At first I cried softly, but soon I was sobbing. My husband and Mason overheard me and rushed in to find me standing with Blinker still in my hand in near hysterics. Naturally, Mason was upset that her mouse was dead, but my overreaction alarmed her more. In January I had lost a good friend, a mother of one of Mason’s classmates, to cancer. The death of this tiny creature forced me to confront a multitude of painful truths I had been avoiding.
It may sound absurd, but I knew there was no mouse heaven. Blinker was a dead mouse. He had gone ”nowhere.” And, since I accept that we are an evolved species of mammals, it followed that my friend had gone “nowhere” as well.
I suppose you can be an atheist and still believe in an afterlife, but I have yet to meet one who does. Of course, I don’t know what happens after death, but to my mind eternal life seems too good to be true.

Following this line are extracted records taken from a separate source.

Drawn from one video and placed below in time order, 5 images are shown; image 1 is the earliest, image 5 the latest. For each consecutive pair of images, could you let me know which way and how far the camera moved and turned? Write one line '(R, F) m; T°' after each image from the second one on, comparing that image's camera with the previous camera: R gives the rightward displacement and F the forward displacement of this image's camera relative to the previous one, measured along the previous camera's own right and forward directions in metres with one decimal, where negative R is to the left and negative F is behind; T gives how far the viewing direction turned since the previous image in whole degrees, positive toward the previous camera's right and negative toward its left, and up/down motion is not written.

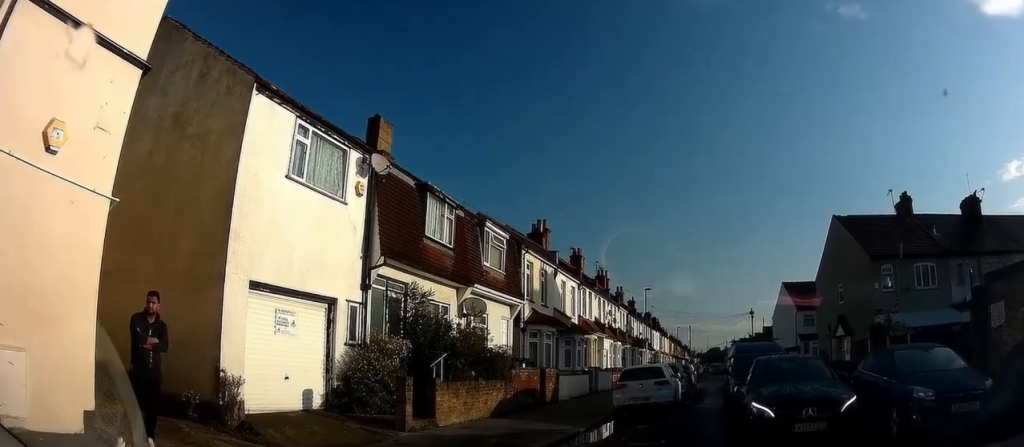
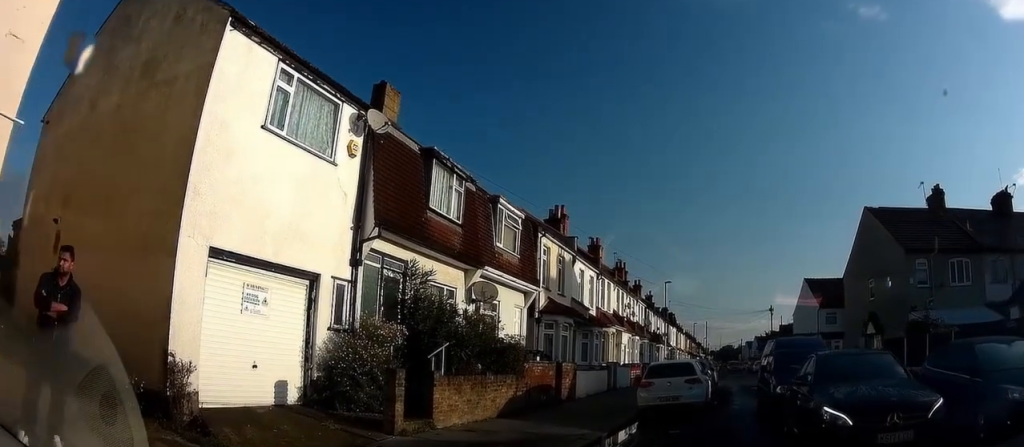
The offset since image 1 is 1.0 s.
(+0.2, +1.6) m; +7°
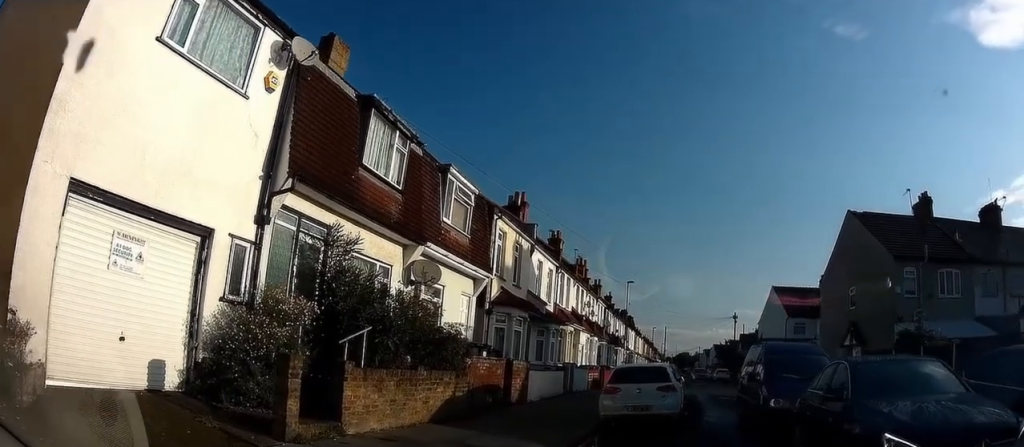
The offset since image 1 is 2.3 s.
(0.0, +2.3) m; -1°
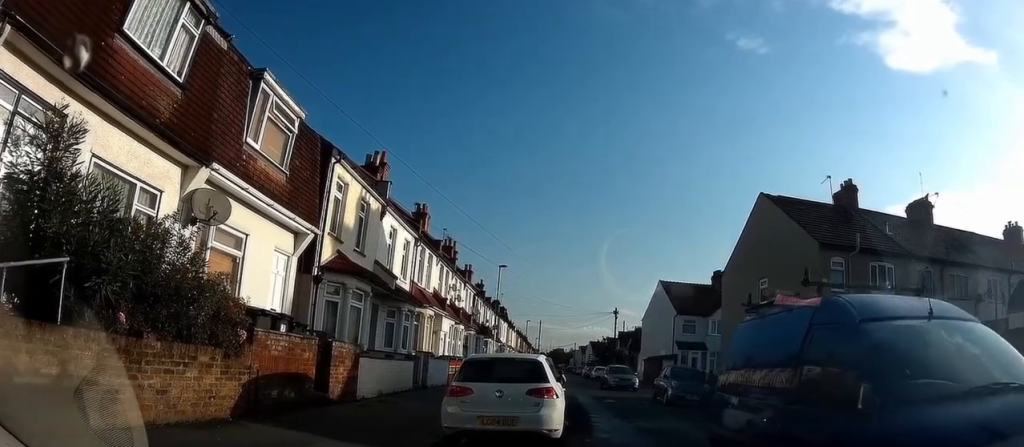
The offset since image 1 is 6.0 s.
(+0.3, +4.2) m; +7°
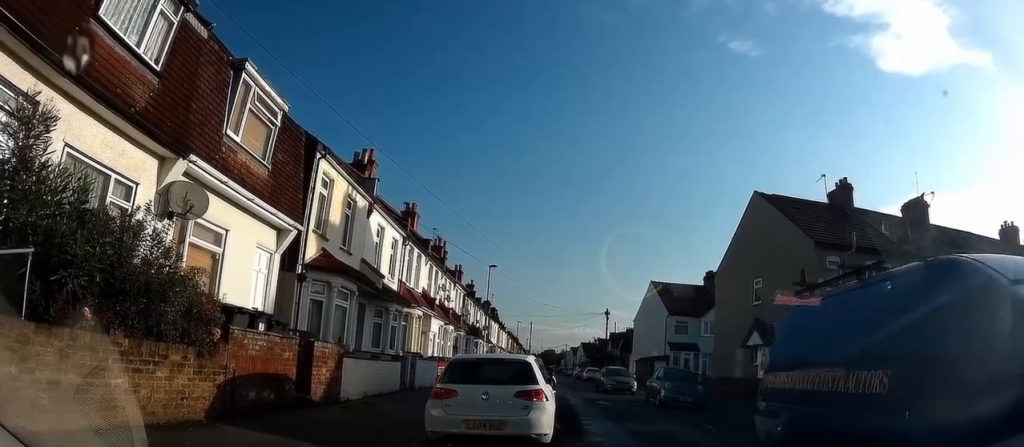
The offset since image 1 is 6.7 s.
(+0.1, +0.2) m; 0°

I was not living as an open atheist until Mason’s meeting with Christopher Hitchens. I would probably still be closeted if the Houston Chronicle hadn’t reported our full names, but it doesn’t matter. I am happy finally expressing my doubts openly. It is interesting, however, that the single most upsetting part of my worldview to my friends and family is my disbelief in any sort of hereafter. It seems fine to deny the Creation, the Flood, the Nativity, and even the Resurrection, but how can I believe in the Nietzschean abyss? How? It is immaterial — the abyss believes in me.
I want to promise Mason that I will always be there for her, but my atheism doesn’t allow me that comfort. All I can hope to achieve is to prepare her for our ultimate separation. We speak of courage, and we relish our brief time together. I teach her that life is about connecting and letting go. Our community can take comfort in Christopher Hitchens’ example of how to confront death with dignity and rationalism.
This Christmas, Mason has asked for a hamster. Santa Claus will not disappoint her.
[Note from Hemant: In case you’re wondering what Mason has to say about all of this, she sent me this statement:
In my heart, when I first heard that Mr. Hitchens had passed away, I was too shocked to speak. I would like to say that even though Mr. Hitchens has passed away, he still exists in our hearts and minds and, of course, through his writing.